*Data items*:
┌────────

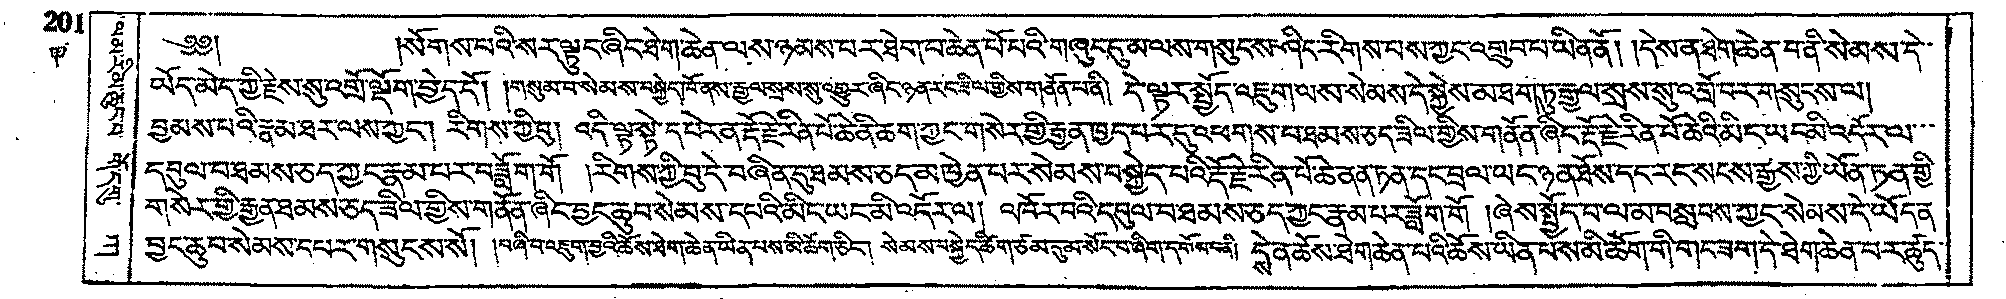༄༅། །སོགས་པའི་སར་ལྟུང་ཞིང་ཐེག་ཆེན་ལས་ཉམས་པར་ཐེག་པ་ཆེན་པོ་པའི་གཞུང་དུ་མ་ལས་གསུངས་ཤིང་རིགས་པས་ཀྱང་འགྲུབ་པ་ཡིན་ནོ། །དེས་ན་ཐེག་ཆེན་པ་ནི་སེམས་དེ་
ཡོད་མེད་ཀྱི་རྗེས་སུ་འགྲོ་ལྡོག་བྱེད་དོ། །གསུམ་པ་སེམས་བསྐྱེད་ཁོ་ནས་རྒྱལ་སྲས་སུ་འགྱུར་ཞིང་ཉན་རང་ཟིལ་གྱིས་གནོན་པ་ནི།  དེ་ལྟར་སྤྱོད་འཇུག་ལས་སེམས་དེ་སྐྱེས་མ་ཐག་ཏུ་རྒྱལ་སྲས་སུ་འགྲོ་བར་གསུངས་ལ།
བྱམས་པའི་རྣམ་ཐར་ལས་ཀྱང་། རིགས་ཀྱི་བུ། འདི་ལྟ་སྟེ་དཔེར་ན་རྡོ་རྗེ་རིན་པོ་ཆེ་ནི་ཆག་ཀྱང་གསེར་གྱི་རྒྱན་ཁྱད་པར་དུ་འཕགས་པ་ཐམས་ཅད་ཟིལ་གྱིས་གནོན་ཞིང་རྡོ་རྗེ་རིན་པོ་ཆེའི་མིང་ཡང་མི་འདོར་ལ་
དབུལ་བ་ཐམས་ཅད་ཀྱང་རྣམ་པར་བཟློག་གོ། །རིགས་ཀྱི་བུ་དེ་བཞིན་དུ་ཐམས་ཅད་མཁྱེན་པར་སེམས་བསྐྱེད་པའི་རྡོ་རྗེ་རིན་པོ་ཆེ་ནན་ཏན་དང་བྲལ་ཡང་ཉན་ཐོས་དང་རང་སངས་རྒྱས་ཀྱི་ཡོན་ཏན་གྱི་
གསེར་གྱི་རྒྱན་ཐམས་ཅད་ཟིལ་གྱིས་གནོན་ཞིང་བྱང་ཆུབ་སེམས་དཔའི་མིང་ཡང་མི་འདོར་ལ། འཁོར་བའི་དབུལ་བ་ཐམས་ཅད་ཀྱང་རྣམ་པར་ཟློག་གོ། །ཞེས་སྤྱོད་པ་ལ་མ་བསླབས་ཀྱང་སེམས་དེ་ཡོད་ན་
བྱང་ཆུབ་སེམས་དཔར་གསུངས་སོ། །བཞི་པ་འཇུག་བྱའི་ཆོས་ཐེག་ཆེན་ཡིན་པས་མི་ཆོག་ཅིང་། སེམས་བསྐྱེད་ཚིག་ཙམ་དུ་མ་སོང་བ་ཞིག་དགོས་པ་ནི།  དེས་ན་ཆོས་ཐེག་ཆེན་པའི་ཆོས་ཡིན་པས་མི་ཆོག་གི་གང་ཟག་དེ་ཐེག་ཆེན་པར་ཚུད་

└────────

*The task*: Output an exact copy of the lines from the one holding "དབུལ་བ་ཐམས་ཅད་ཀྱང་རྣམ་པར་བཟླ" to the last line of the data, inclusive, and nothing beyond that range.

*Result*:
དབུལ་བ་ཐམས་ཅད་ཀྱང་རྣམ་པར་བཟློག་གོ། །རིགས་ཀྱི་བུ་དེ་བཞིན་དུ་ཐམས་ཅད་མཁྱེན་པར་སེམས་བསྐྱེད་པའི་རྡོ་རྗེ་རིན་པོ་ཆེ་ནན་ཏན་དང་བྲལ་ཡང་ཉན་ཐོས་དང་རང་སངས་རྒྱས་ཀྱི་ཡོན་ཏན་གྱི་
གསེར་གྱི་རྒྱན་ཐམས་ཅད་ཟིལ་གྱིས་གནོན་ཞིང་བྱང་ཆུབ་སེམས་དཔའི་མིང་ཡང་མི་འདོར་ལ། འཁོར་བའི་དབུལ་བ་ཐམས་ཅད་ཀྱང་རྣམ་པར་ཟློག་གོ། །ཞེས་སྤྱོད་པ་ལ་མ་བསླབས་ཀྱང་སེམས་དེ་ཡོད་ན་
བྱང་ཆུབ་སེམས་དཔར་གསུངས་སོ། །བཞི་པ་འཇུག་བྱའི་ཆོས་ཐེག་ཆེན་ཡིན་པས་མི་ཆོག་ཅིང་། སེམས་བསྐྱེད་ཚིག་ཙམ་དུ་མ་སོང་བ་ཞིག་དགོས་པ་ནི།  དེས་ན་ཆོས་ཐེག་ཆེན་པའི་ཆོས་ཡིན་པས་མི་ཆོག་གི་གང་ཟག་དེ་ཐེག་ཆེན་པར་ཚུད་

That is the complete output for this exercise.